Your instructions.
Write out exactly the lines from the one holding "Logged 7.2 seconds after image 1." to the last line of the entries, both ends included and nothing else, without the pictures.

(Saved entries)
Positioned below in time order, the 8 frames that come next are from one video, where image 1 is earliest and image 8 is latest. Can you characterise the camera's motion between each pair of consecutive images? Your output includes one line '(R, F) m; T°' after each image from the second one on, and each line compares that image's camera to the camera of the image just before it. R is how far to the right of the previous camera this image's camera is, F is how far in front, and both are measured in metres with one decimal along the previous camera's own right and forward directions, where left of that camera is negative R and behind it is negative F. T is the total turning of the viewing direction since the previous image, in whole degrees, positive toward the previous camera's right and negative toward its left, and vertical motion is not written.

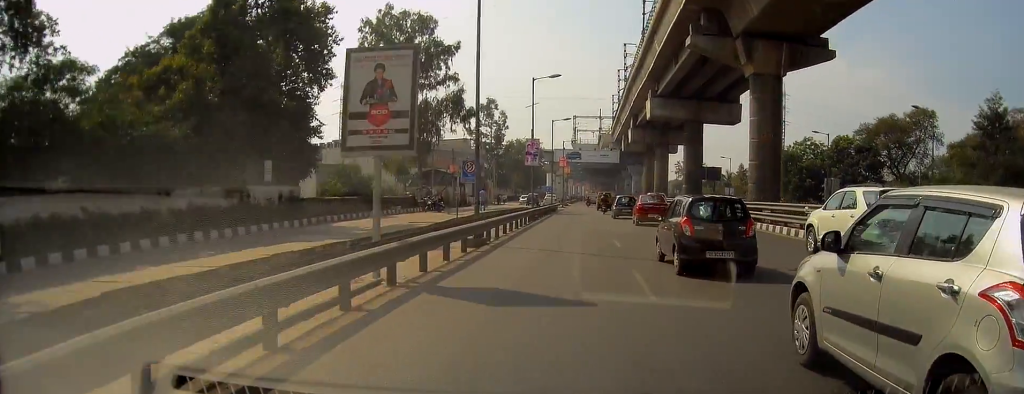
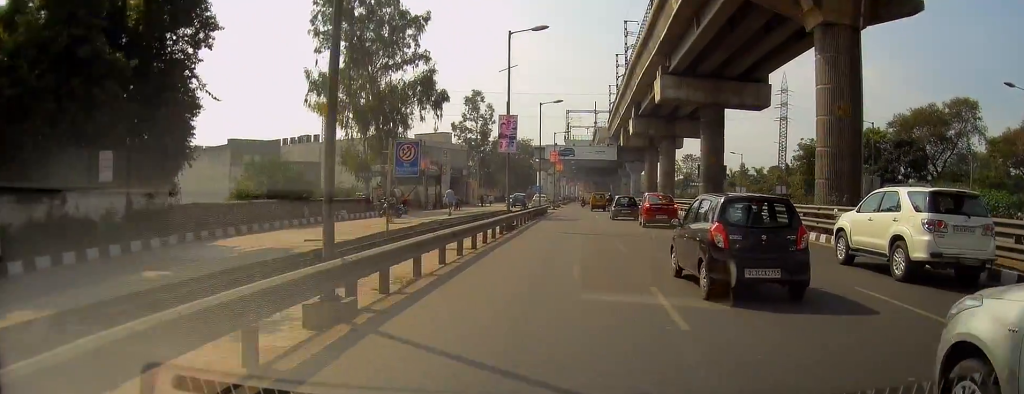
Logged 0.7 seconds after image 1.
(-0.1, +10.7) m; 0°
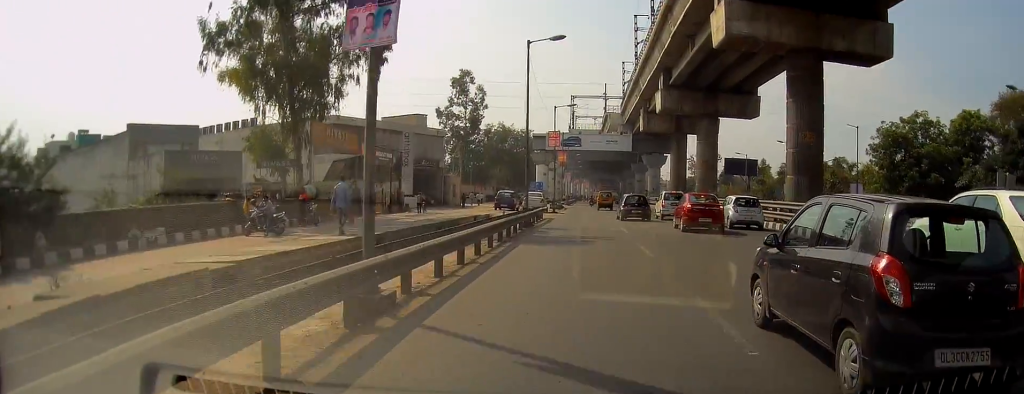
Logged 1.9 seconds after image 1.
(0.0, +19.5) m; +1°
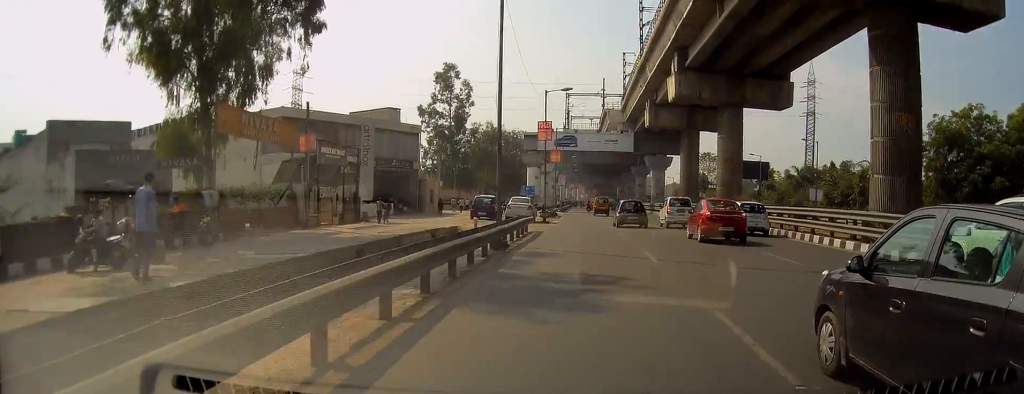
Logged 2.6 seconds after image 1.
(+0.2, +9.9) m; 0°
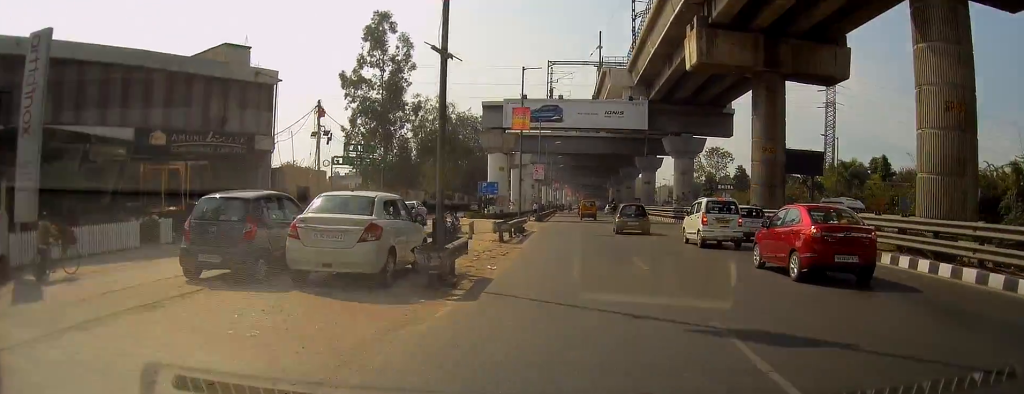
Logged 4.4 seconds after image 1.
(0.0, +28.6) m; +1°
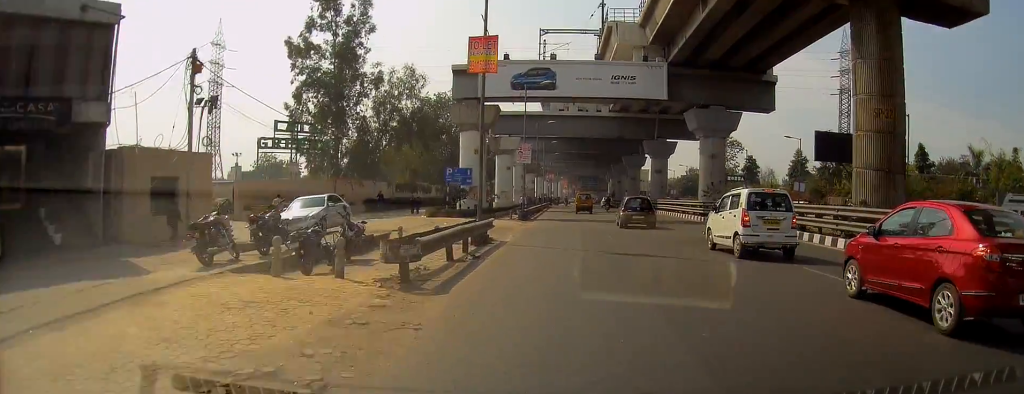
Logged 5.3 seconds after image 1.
(+0.1, +12.8) m; +1°
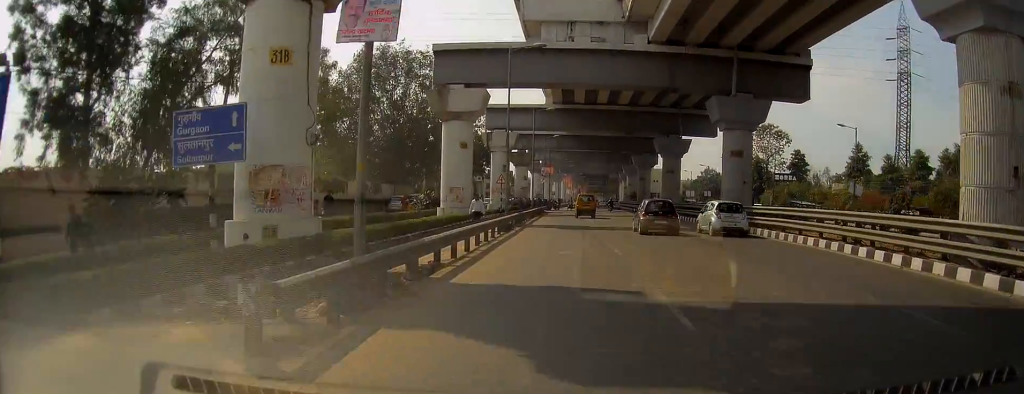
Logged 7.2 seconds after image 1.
(0.0, +30.2) m; 0°
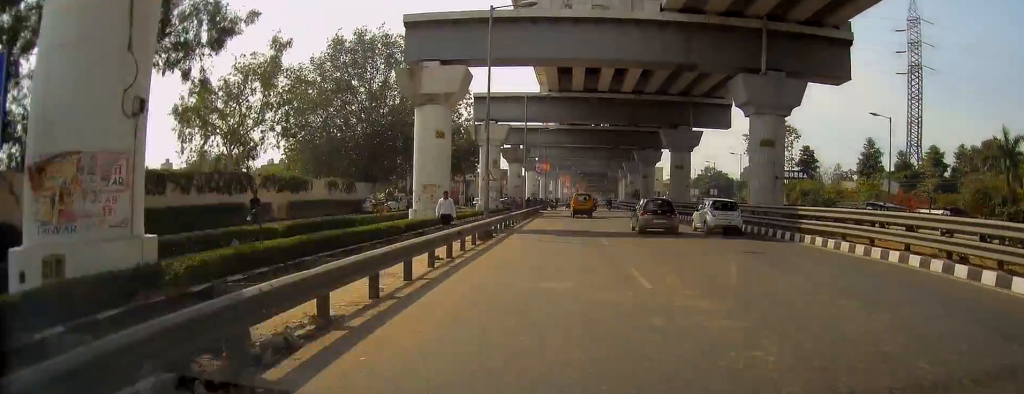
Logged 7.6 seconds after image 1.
(0.0, +6.2) m; 0°

Expected answer.
Logged 7.2 seconds after image 1.
(0.0, +30.2) m; 0°
Logged 7.6 seconds after image 1.
(0.0, +6.2) m; 0°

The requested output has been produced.